Hi,
I have RNA seq data with the samples defined as follows:
ID level stability type
A1 med unstable exp
A2 med unstable exp
A3 med unstable exp
B1 med stable exp
B2 med stable exp
B3 med stable exp
C1 low stable exp
C2 low stable exp
C3 low stable exp
D1 low unstable exp
D2 low unstable exp
D3 low unstable exp
E1 high stable exp
E2 high stable exp
E3 high stable exp
F1 high unstable exp
F2 high unstable exp
F3 high unstable exp
G1 host host host1
G2 host host host1
G3 host host host1
H1 host host host2
H2 host host host2
H3 host host host2
I1 host host host3
I2 host host host3
I3 host host host3
ID column here describes the samples in 3 biological replicates. My objective is to identify DEGs while comparing different samples in pair (A vs B, B vs C, A vs D etc) as well as in group-wise comparison (stable vs unstable, host vs expressed). But when I define a contrast such as "contrast = c("stability","unstable","stable")", I get some DEGs with just one of the replicates from 3 different stable or unstable samples being high or low in comparison to others as well.
As I understand that's because when the program identifies a gene in at least 3 samples within a group of the same profile (irrespective of being just 1 of the replicates of 3 different samples) with significant difference from the rest, it reports it as a DEG. However, I would like to know if there is some parameter that can be introduced to say that more than 3 samples in a group of 9 (may be at least 6 samples in our case) are required to have concordance to be reported as DEG.

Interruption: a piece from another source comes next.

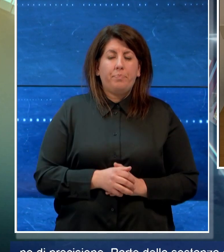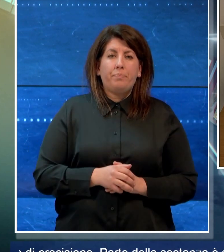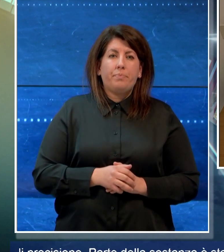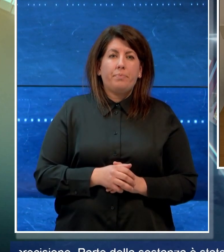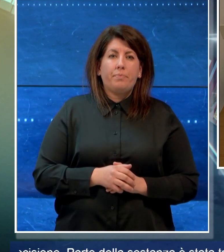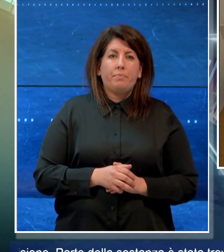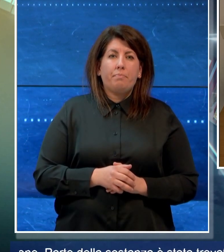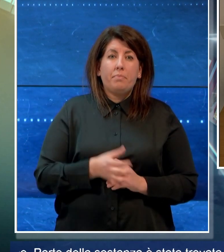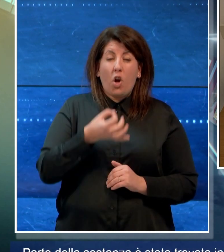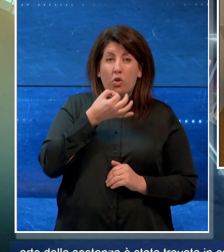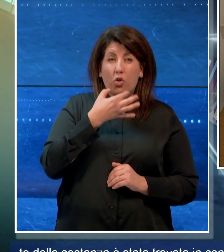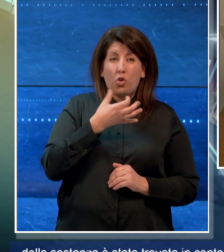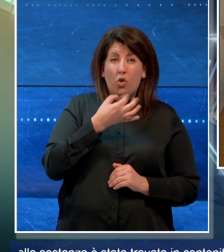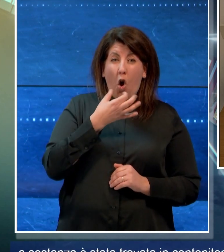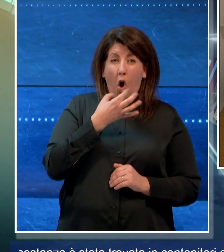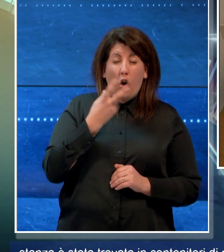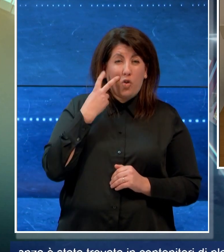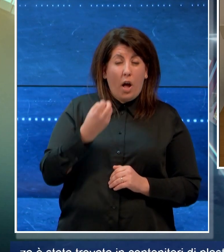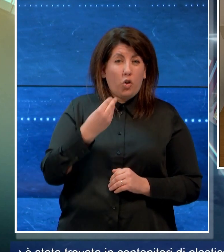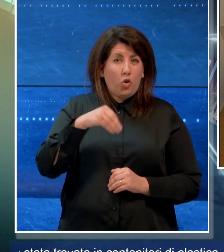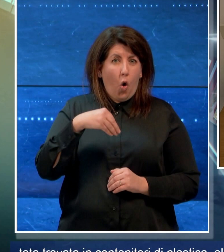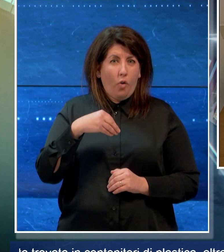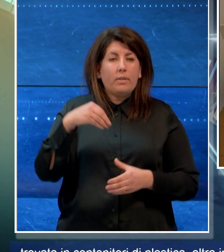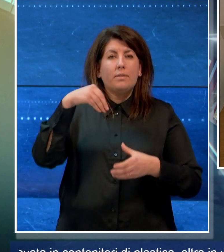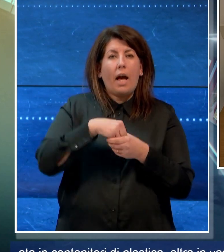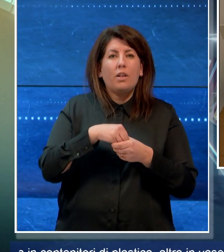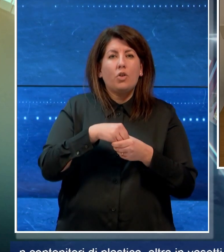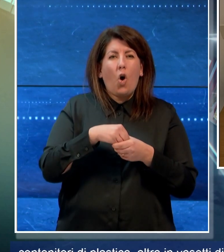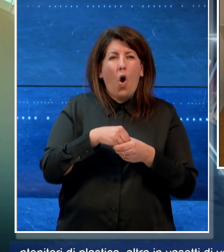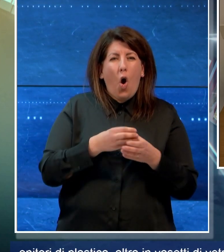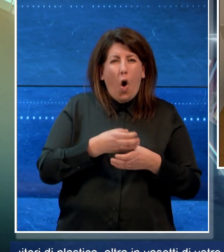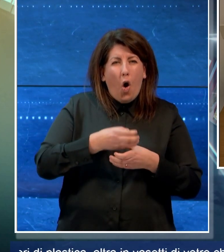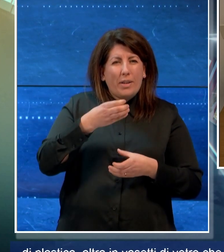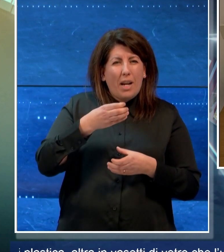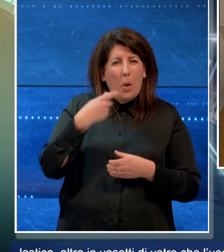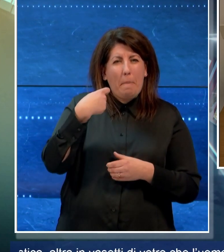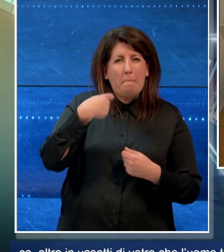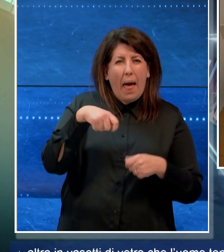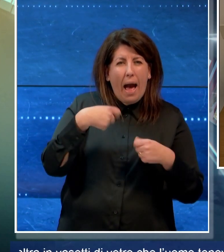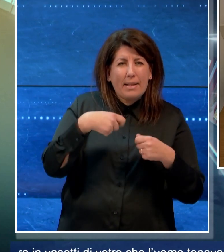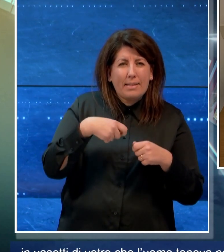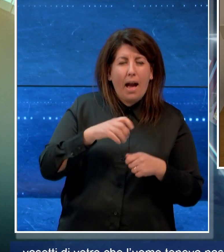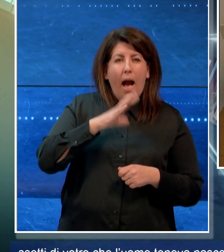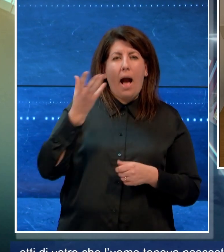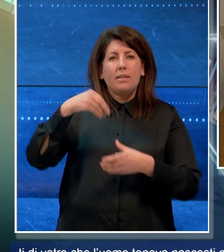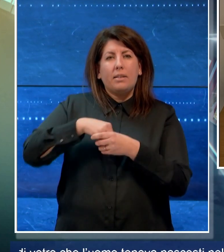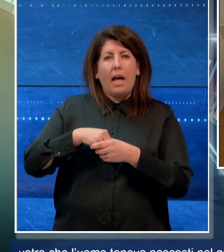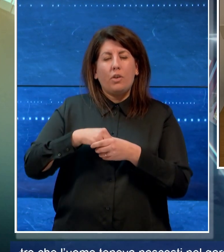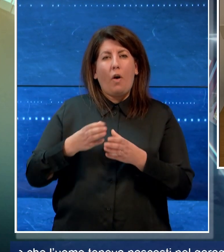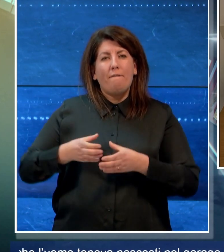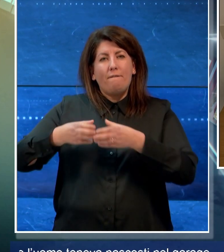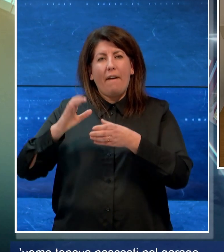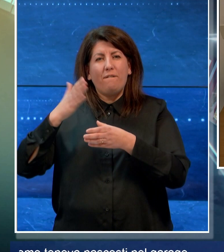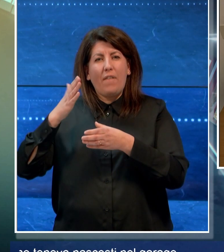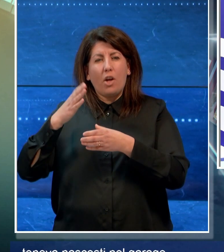sostanza è stata trovata in contenitori di plastica, altra in vasetti di vetro che l
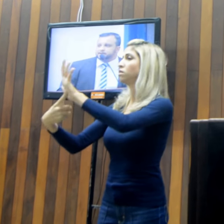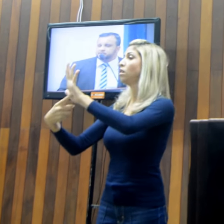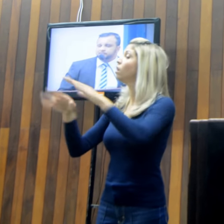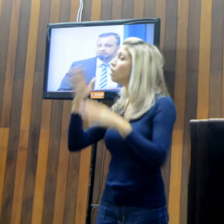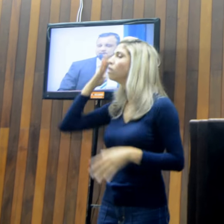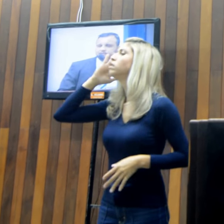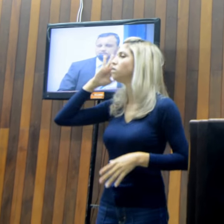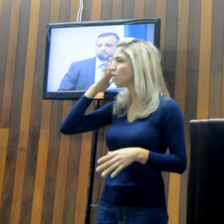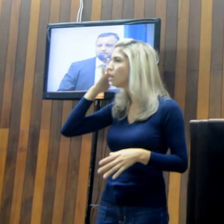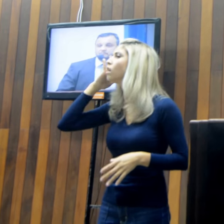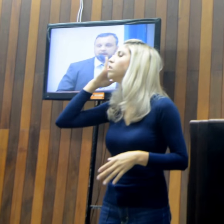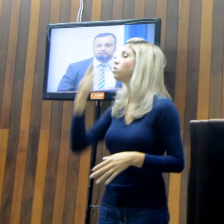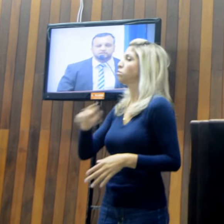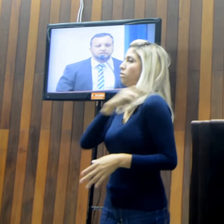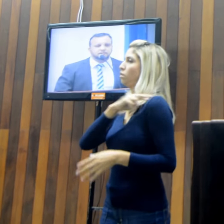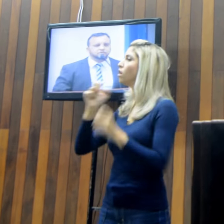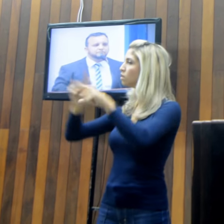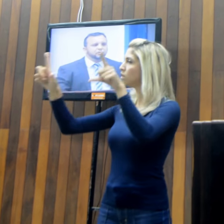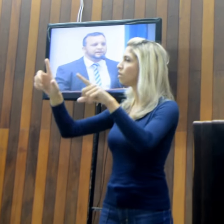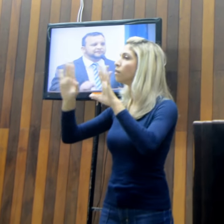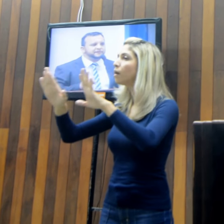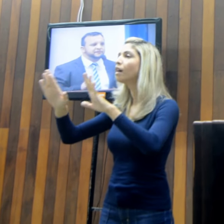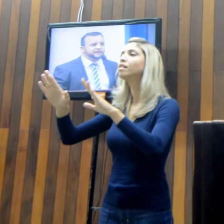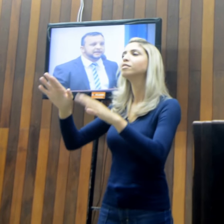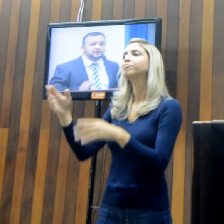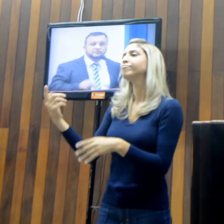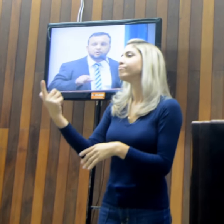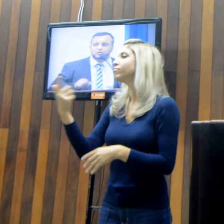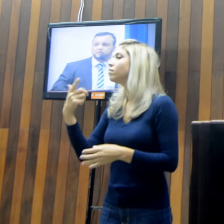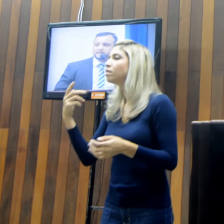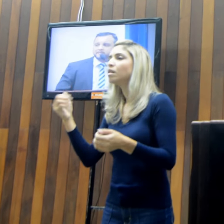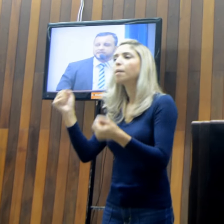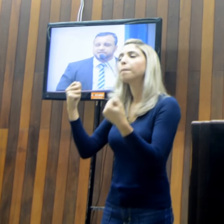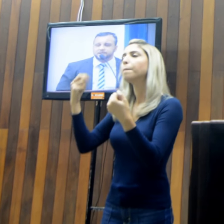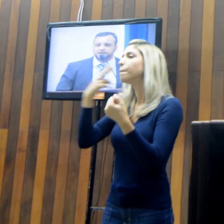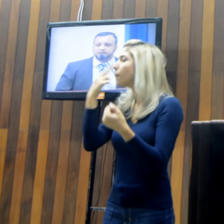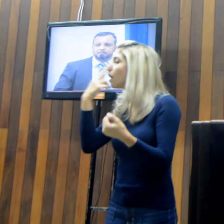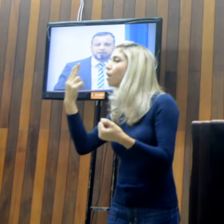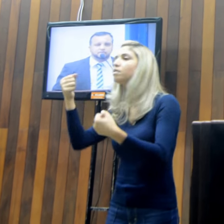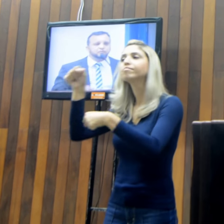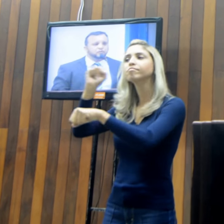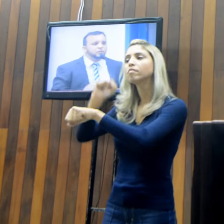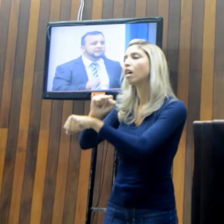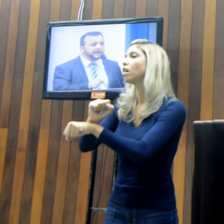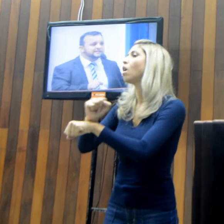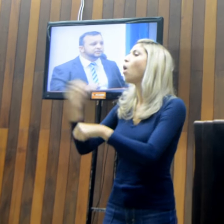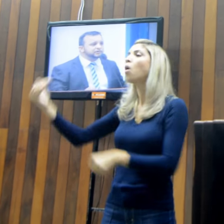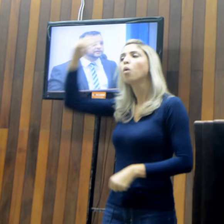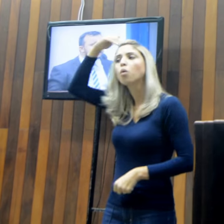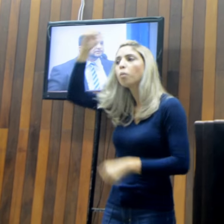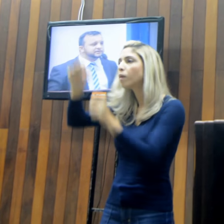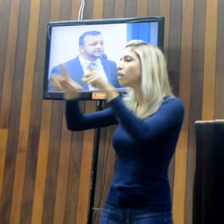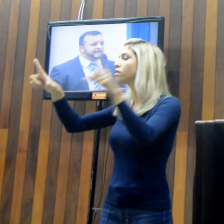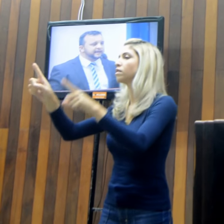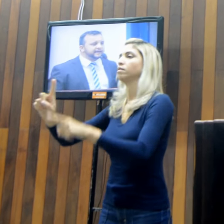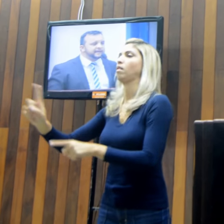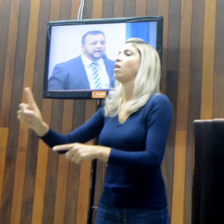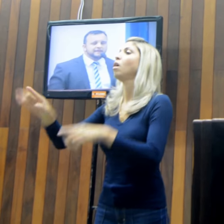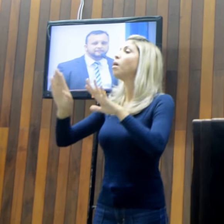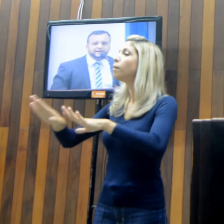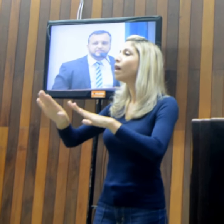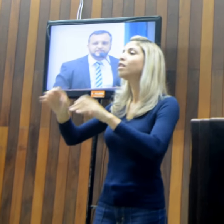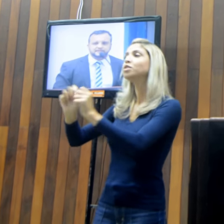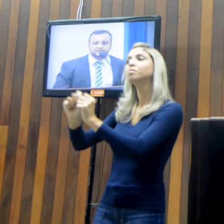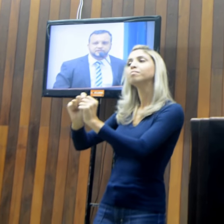da imprensa, obviamente, mas de pouca efetividade, não por culpa da mídia, mas por culpa das autoridades que seguem

If not, then can someone kindly suggest some other way to do avoid getting DEGs not representative of entire group but just 3 samples of a big group.
Thanks !!
How did you check that?
When I plot heatmap for significantly differentially expressed genes like this:
Plotting heatmaps on non-log2 transformed counts is not recommended as high counts will dominate the scaling. Do at least
log2(x+1)
, better z-score the data. This also appears to be an eyeballing method, therefore not recommended as well as not reproducible as it lacks exact cutoffs. When you perform DESeq2 (or other tools) analysis, the significant genes are representative for the group as the group mean is significantly different than the group mean of the other group respecting the dispersion of the data. I think you worry too much. I would perform standard analysis and then take the genes significant at e.g. 5% or 1% FDR. These tools have elaborate ways to ensure that single outliers do not skew the results especially at these low sample sizes.I tried plotting z-scores after log normalisation as well. But I still get some such results. However, may be I will trust these as it is and go ahead with same result.
Thanks for your response.
Do I understand correctely that you are doing stable vs unstable, but when you look at the DEGs you see genes that are, for example, consistently high in B1, B2 and B3, but not in C1, C2, C3,E1,E2,E3?
This is not how DESeq(2)/limma/edgeR work. They will take all the samples that fall within one of your groups (say stable) and calculate the mean expression level. They then calculate a variance on that mean (this where the DESeq/edgeR/limma magic happens). They then ask if the mean of your two categories is sufficiently different compared to the variance using a negative binomial model.